The NorDial project aims to create datasets, resources, and collect knowledge about the state of written Norwegian dialects on the web, especially in social media. The project has received 74,140 NOK from Tekst Hub to conduct further annotations.
Norway has a large amount of dialectal variation, as well as a general tolerance to its use in the public sphere. There are, however, few available resources to study this variation and its change over time and in more informal areas, e.g. on social media.
Nordial has already created a preliminary corpus of annotated tweets, which we are currently expanding. Furthermore, we are moving beyond classifying tweets, and have begun annotations for word-level dialect features, which should provide a much richer resource for predicting and analyzing dialectal traits used on social media.
Table of contents:
Norway has a large tolerance towards dialectal variation and, as such, one can find examples of dialectal use in many areas of the public sphere, including politics, news media, and social media.

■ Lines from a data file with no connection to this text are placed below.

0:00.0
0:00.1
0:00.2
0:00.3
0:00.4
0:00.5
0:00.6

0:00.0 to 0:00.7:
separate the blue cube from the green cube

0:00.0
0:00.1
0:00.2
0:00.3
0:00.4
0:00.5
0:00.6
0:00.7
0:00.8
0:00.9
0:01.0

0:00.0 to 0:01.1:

At the same time, there are two official main writing systems, i.e., Bokmål and Nynorsk, which offer prescriptive rules for how to write the spoken variants. This leads to a situation where people who typically use their dialect when speaking often revert to one of the written standards when writing. However, despite there being only two official writing systems, there is considerable variation within each system, as the result of years of language policies.
However, it is still natural that these standards have a regularizing effect on the written varieties of people who normally speak their dialect in most situations.

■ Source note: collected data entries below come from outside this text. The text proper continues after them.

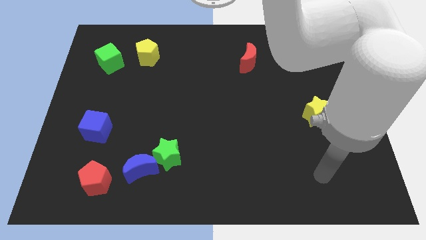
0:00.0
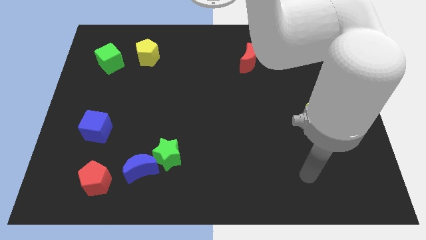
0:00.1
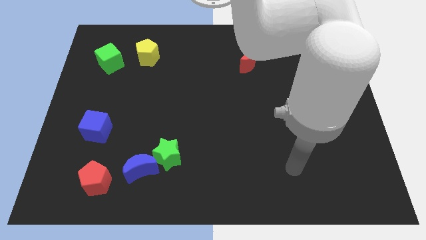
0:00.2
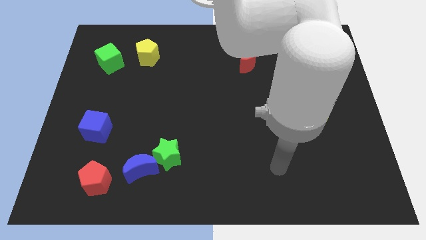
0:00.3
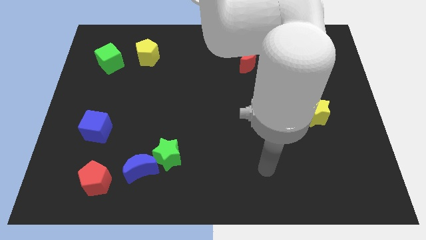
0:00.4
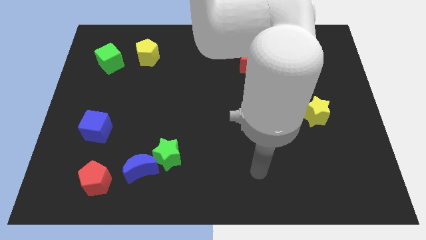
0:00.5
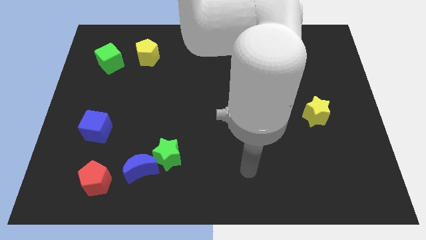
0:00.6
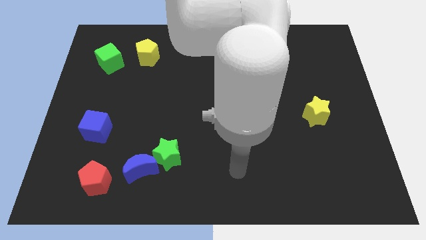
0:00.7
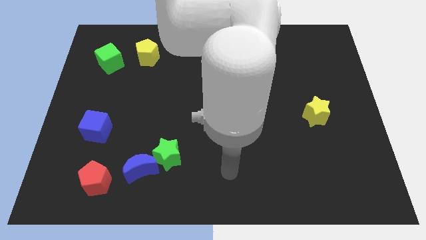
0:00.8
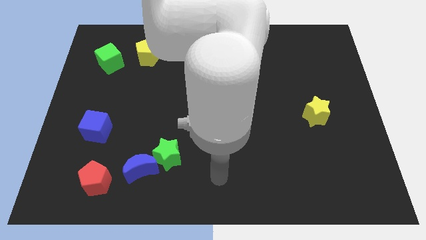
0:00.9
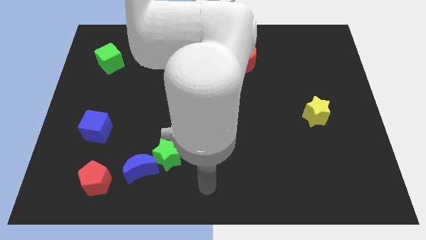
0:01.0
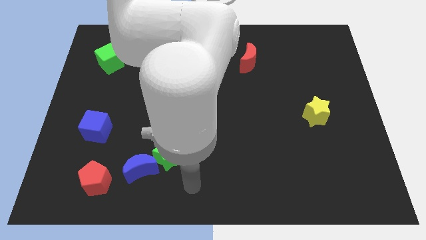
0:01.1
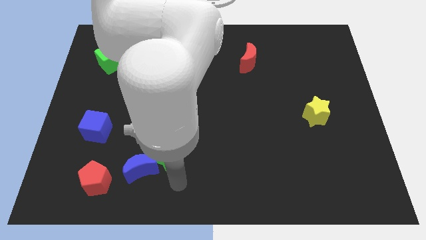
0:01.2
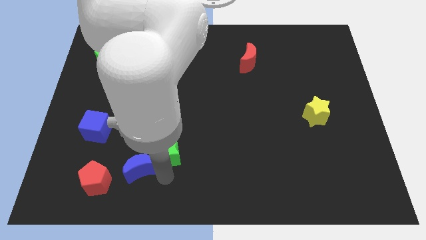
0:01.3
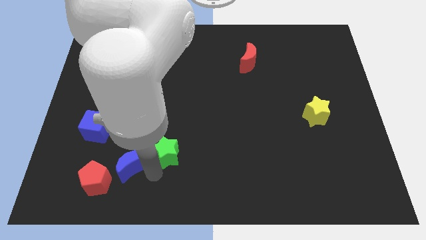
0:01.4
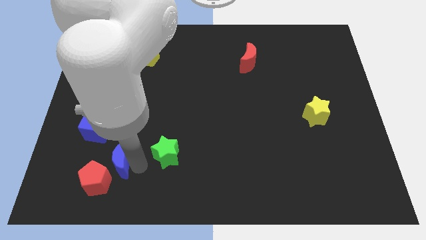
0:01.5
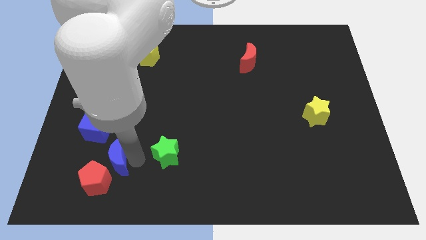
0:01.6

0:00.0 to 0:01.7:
pull the green star apart from the blue moon

In NorDial, we are interested in knowing to what degree dialect users deviate from these established norms and use dialect traits when writing informal texts, e.g. on social media. This could also provide evidence of the vitality of certain dialectal traits.
We therefore work in two directions simultaneously:
- We create datasets of dialectal use on social media which could be of use both to NLP practioners, as well as linguists interested in dialects and social media.
- We develop state-of-the-art NLP models to detect these tweets automatically, as well as the linguistic features of dialectal tweets.
Finally, we will open source both the data and the models with the hope that they will benefit further research into this intriguing field of research.
This subrepository contains the data and models described in following paper: NorDial: A Preliminary Corpus of Written Norwegian Dialect Use. Specifically it contains Norwegian tweets labeled as Bokmål, Nynorsk, Dialectal, or Mixed (see paper and further documents in the subrepo for details).
- Corresponding organizers
- Annotators
- Alexandra Wittemann
- Marie Emerentze Fleisje
- Erik Holten
The data is distributed under a Creative Commons Attribution-NonCommercial licence (CC BY-NC 4.0), access the full license text here: https://creativecommons.org/licenses/by-nc/4.0/
The licence is motivated by the need to block the possibility of third parties redistributing the orignal reviews for commercial purposes. Note that machine learned models, extracted lexicons, embeddings, and similar resources that are created on the basis of the corpus are not considered to contain the original data and so can be freely used also for commercial purposes despite the non-commercial condition.